We moved our Stack Overflow for Teams instances to Azure between 2021 and 2023. It was a significant effort that had some false starts and required us to disentangle Teams from the rest of the code. We managed to pull it off successfully; as a bonus, we had many of our core components containerized and in a deployable state. That was the good news.

The bad news was that much of our public site was still architected around the existence of a data center. There were a lot of assumptions around latency, around performance, around everything. The biggest concern everyone—me included—had was, will it even work? Will Stack Overflow, born on the bare metal racks of a data center, manage to ascend to cloud or would we always have poor Josh Zhang on call to drive over to the data center to reboot a machine?

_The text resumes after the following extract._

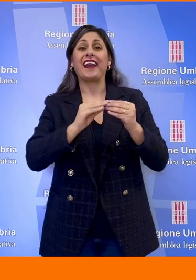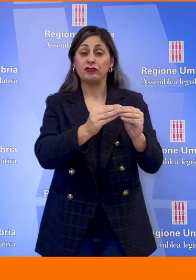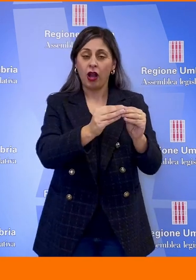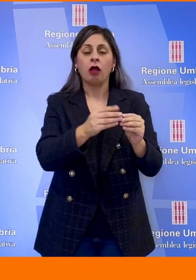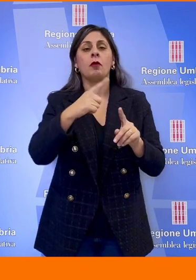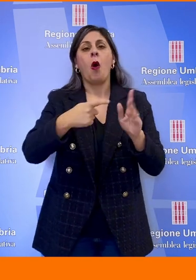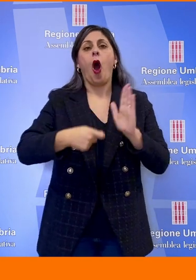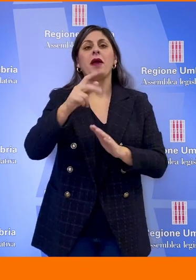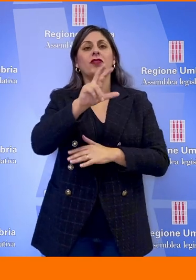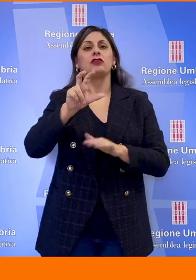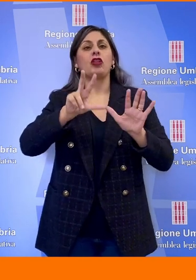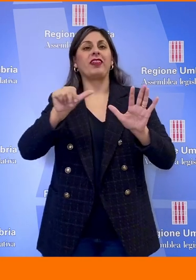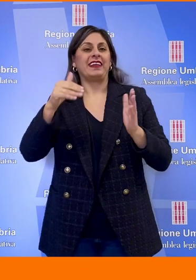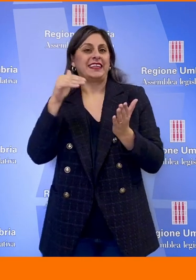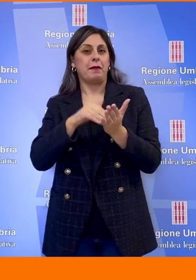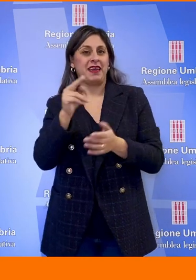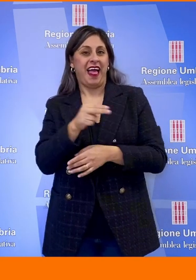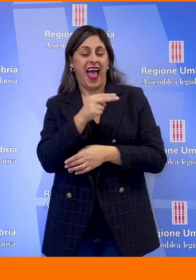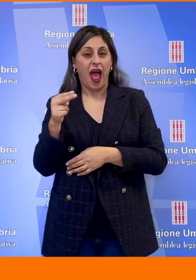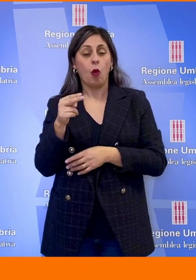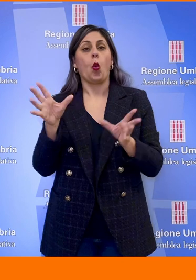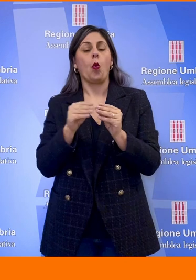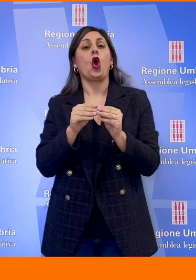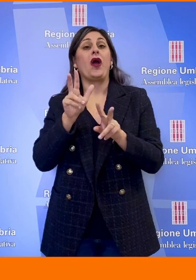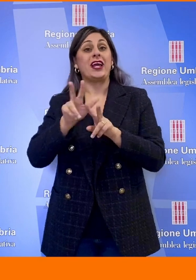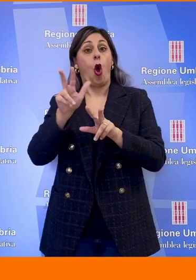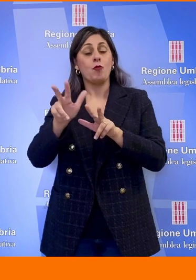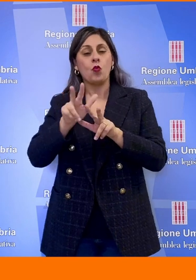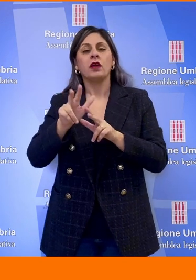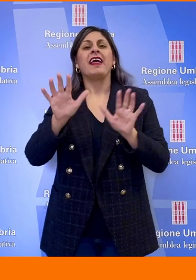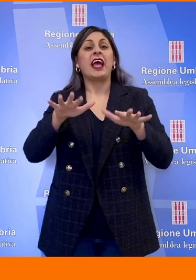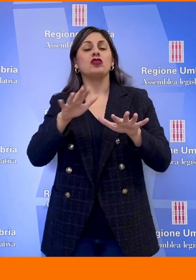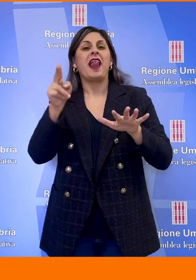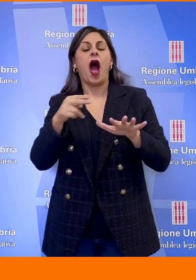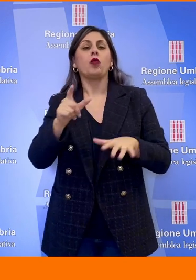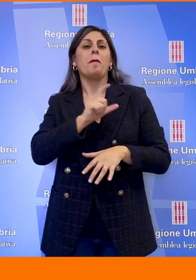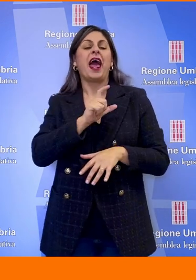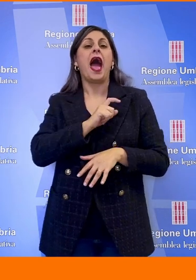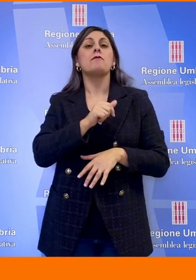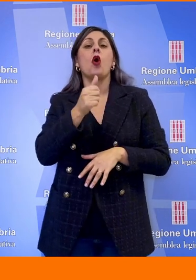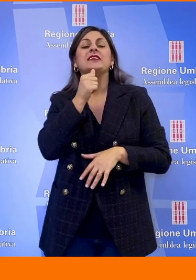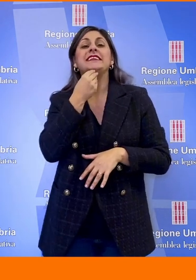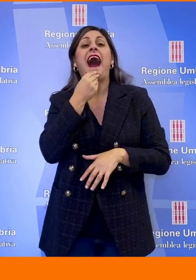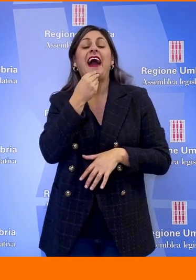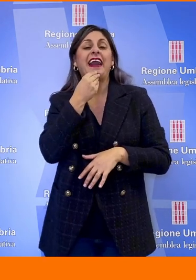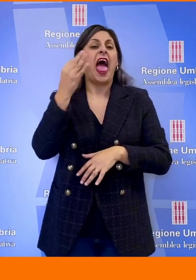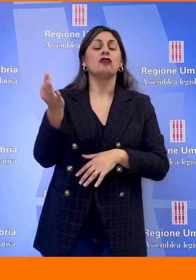386 mila euro alle unioni dei comuni, 10 mila euro al premio Sagra Eccellente dell'Umbria, 70 mila per la

This is the first in a series of blog posts that will discuss how we did, in fact, make it work.

As I mentioned, we’d already done one project that involved moving servers to the cloud. Since that effort took three tries over three years, we figured we’d take a moment to learn from that process in an attempt to make this one smoother. While the platform would be different this time, many of the issues we had were process-related, as is often the case with large projects.

For this project, we had one deadline that matters: July 31, 2025, when our contract with the data center ended—with no option to renew since the parent datacenter was shutting down. Engineering teams were strongly encouraged to create milestones for the project and set their own deadlines significantly earlier than this hard stop, as we all know that engineering efforts often take longer than planned. We decided not to make public any deadlines that were immaterial to our external users/community. That gave us flexibility when things needed to change and reduced the risk of adding stress to our community and external customers. In past projects we hadn’t done this, and any minor change or acceptable project slippage was magnified needlessly into a PR problem that added stress to all involved. Swapping the infrastructure of a platform relied on by millions of opinionated developers was stressful enough.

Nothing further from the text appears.